Une augmentation du revenu par habitant, ainsi que la sensibilisation, ont vu l'Inde passer de l'huile comestible «en vrac» à des options raffinées et conditionnées. La prochaine étape dans l'évolution des consommateurs indiens a vu une plus grande attention portée à leur santé et à celle de leur famille.
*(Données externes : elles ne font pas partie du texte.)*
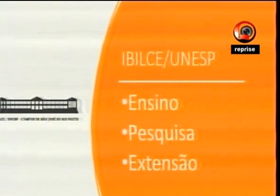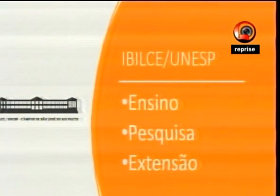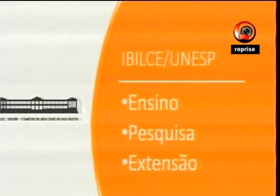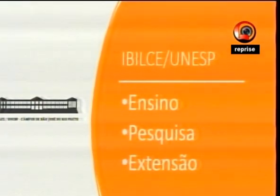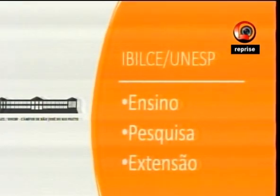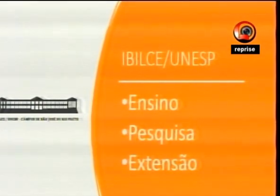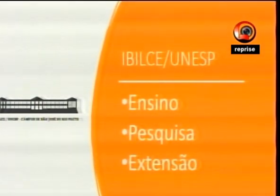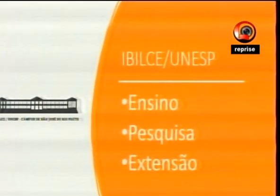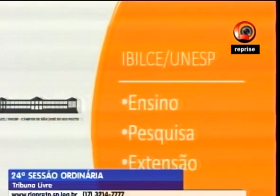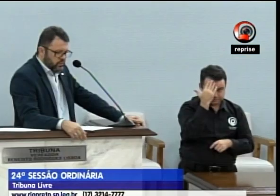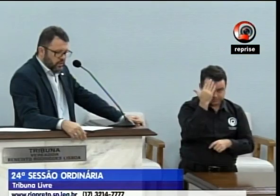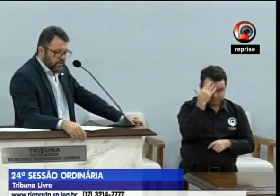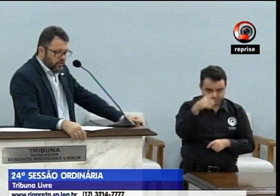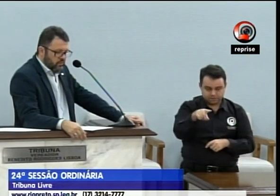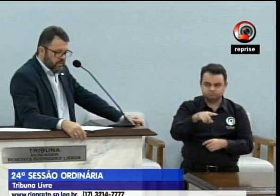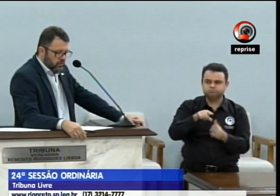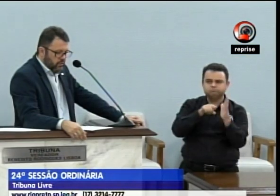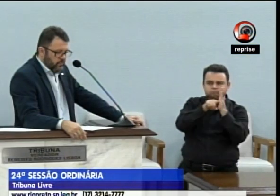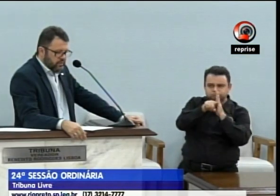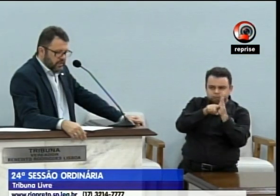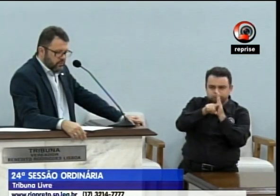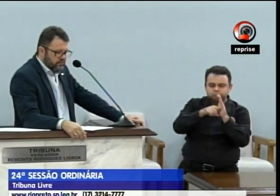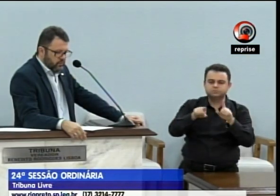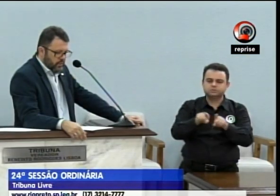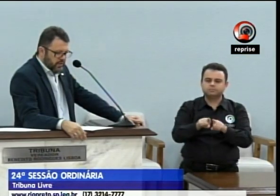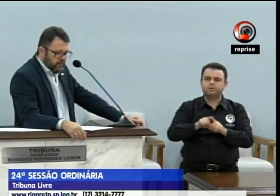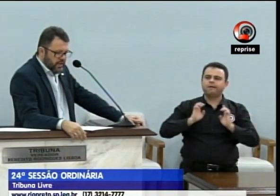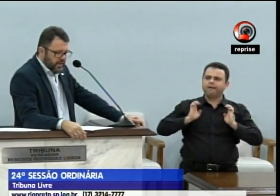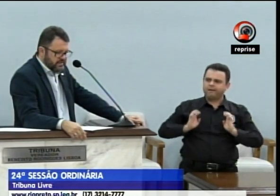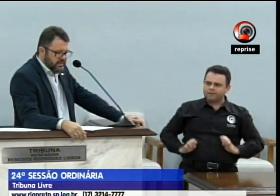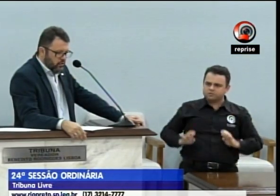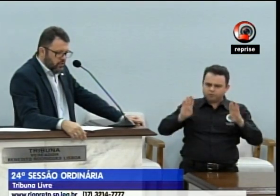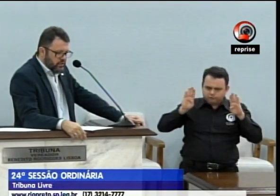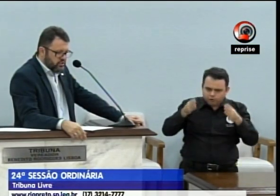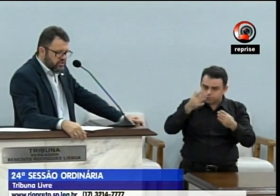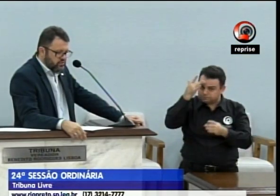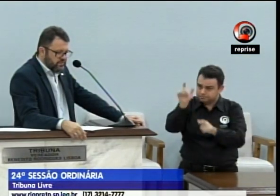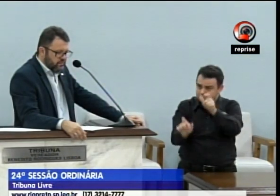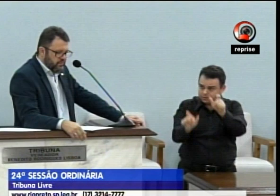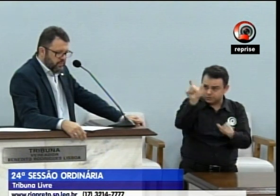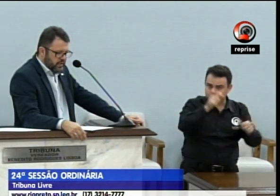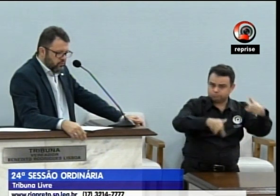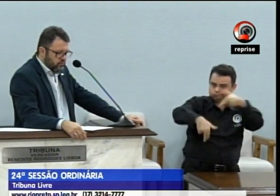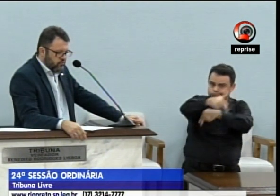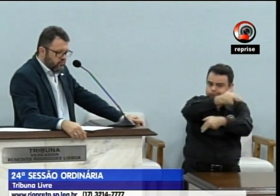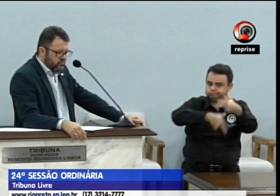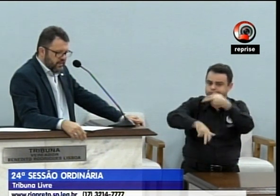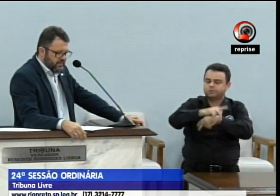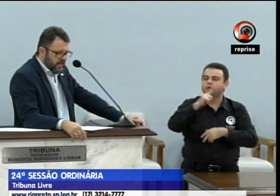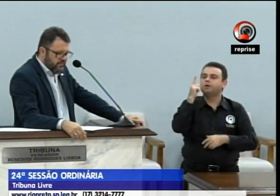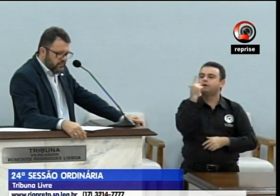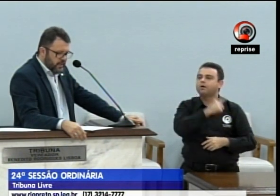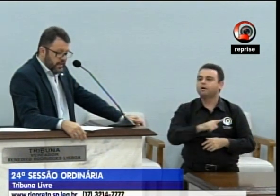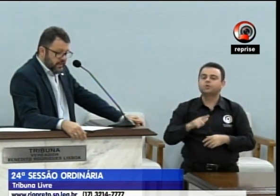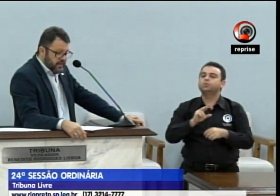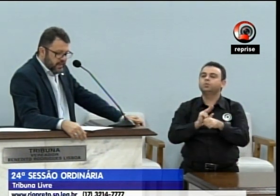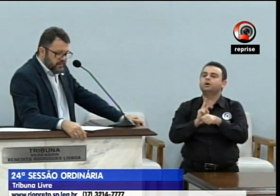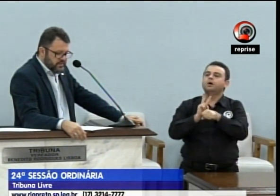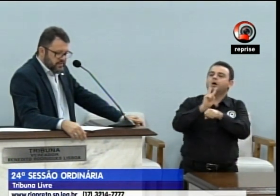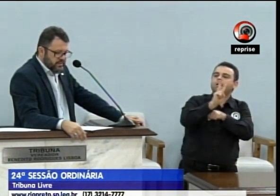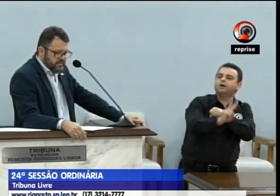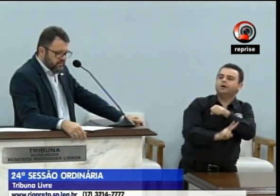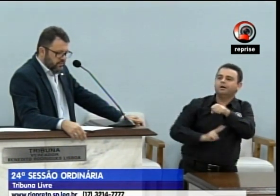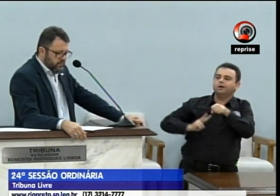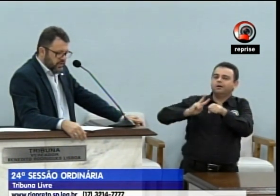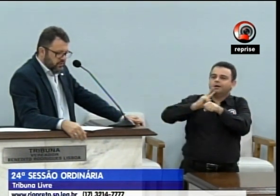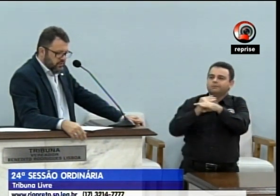com comprometimento ético e com valor voltado ao ser humano é sinônimo de desenvolvimento sustentável e é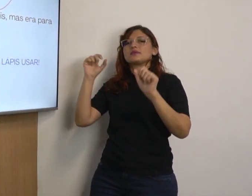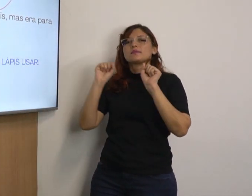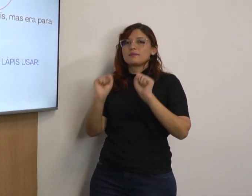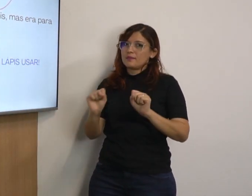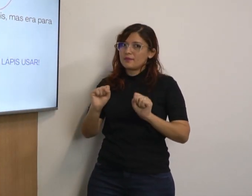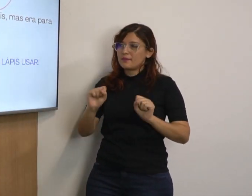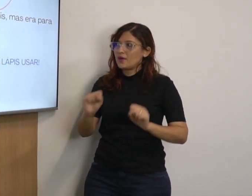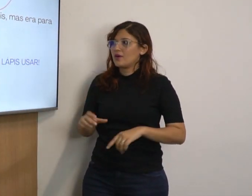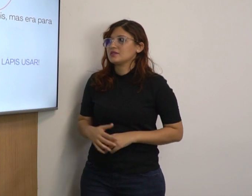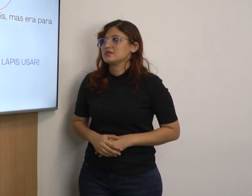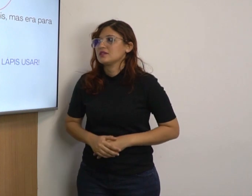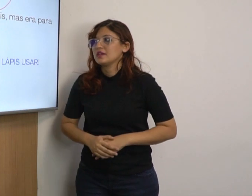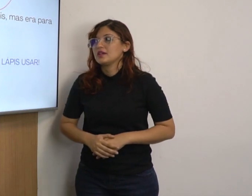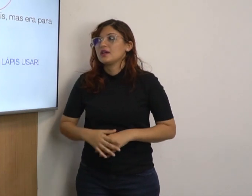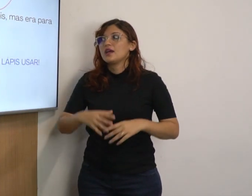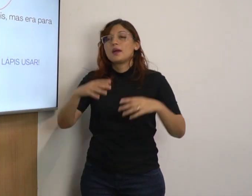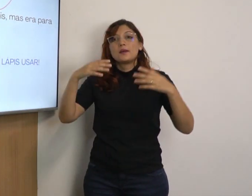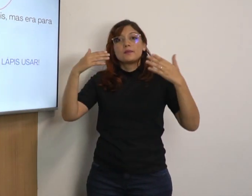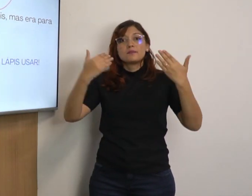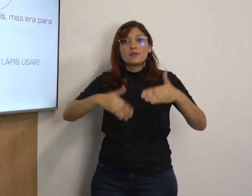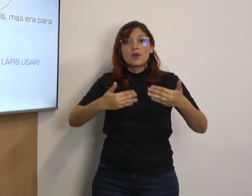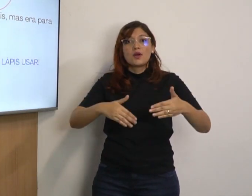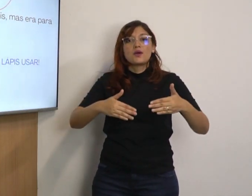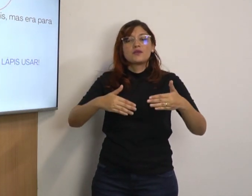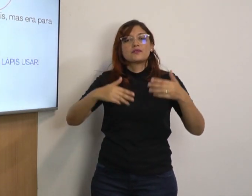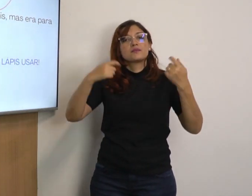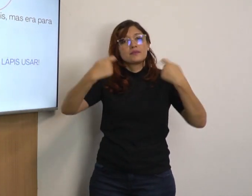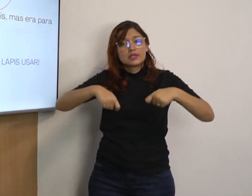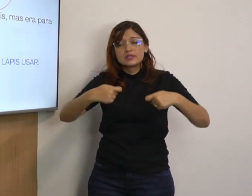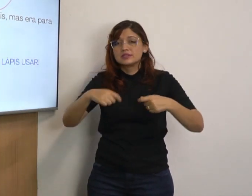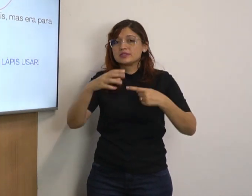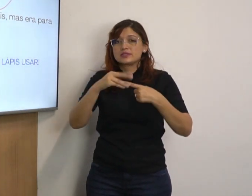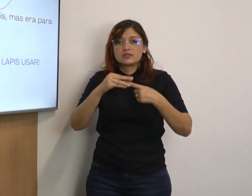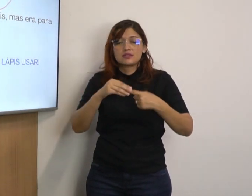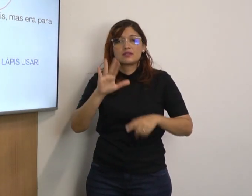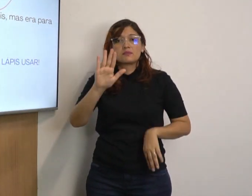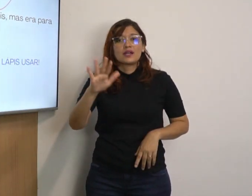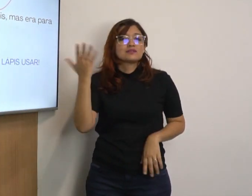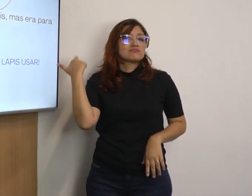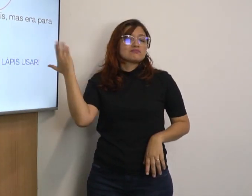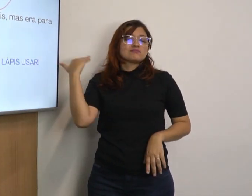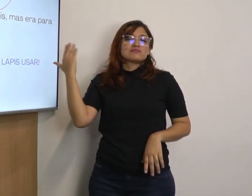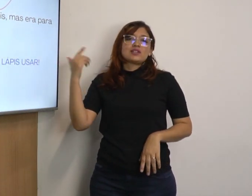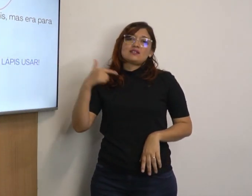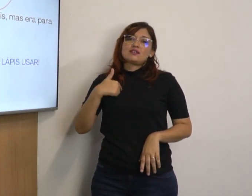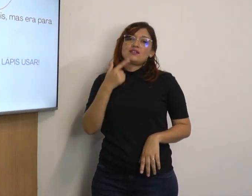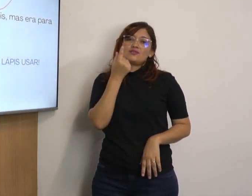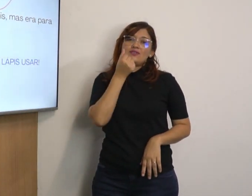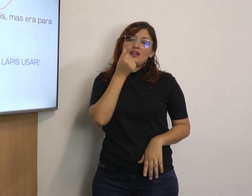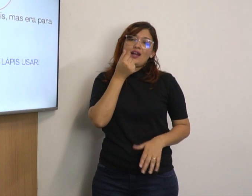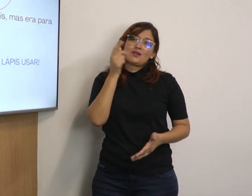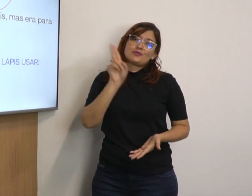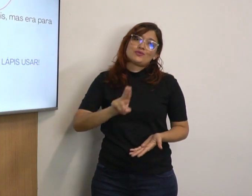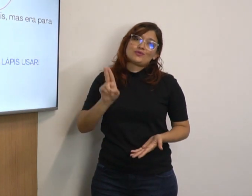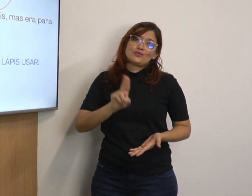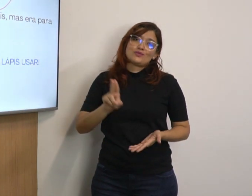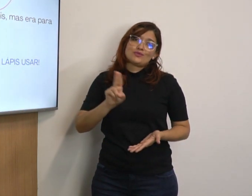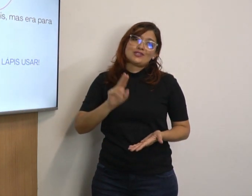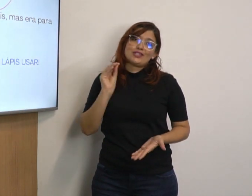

La population indienne urbaine, bien voyagée, connectée numériquement et soucieuse de sa santé, a commencé à opter pour des AGMI plus sains, c'est-à-dire des acides gras monoinsaturés (huile d'olive, huile de son de riz, huile de canola, huile de moutarde, huile d'arachide) et PUFA, c'est-à-dire les acides gras polyinsaturés (huile de tournesol, huile de carthame et huile de maïs).

Des études ont montré que les AGMI diminuent le taux de mortalité par maladie coronarienne (CHD) et abaissent les niveaux de cholestérol total et de cholestérol LDL. Ces huiles, en particulier l'huile d'olive, contiennent également des antioxydants qui réduisent la douleur dans les articulations et réduisent le risque d'Alzheimer et de Parkinson. Les AGPI présentent de forts effets hypocholestérolémiants, ainsi qu'une amélioration de la sensibilité à l'insuline. Ils renforcent également le système immunitaire, améliorent la qualité de la peau et le fonctionnement du système nerveux.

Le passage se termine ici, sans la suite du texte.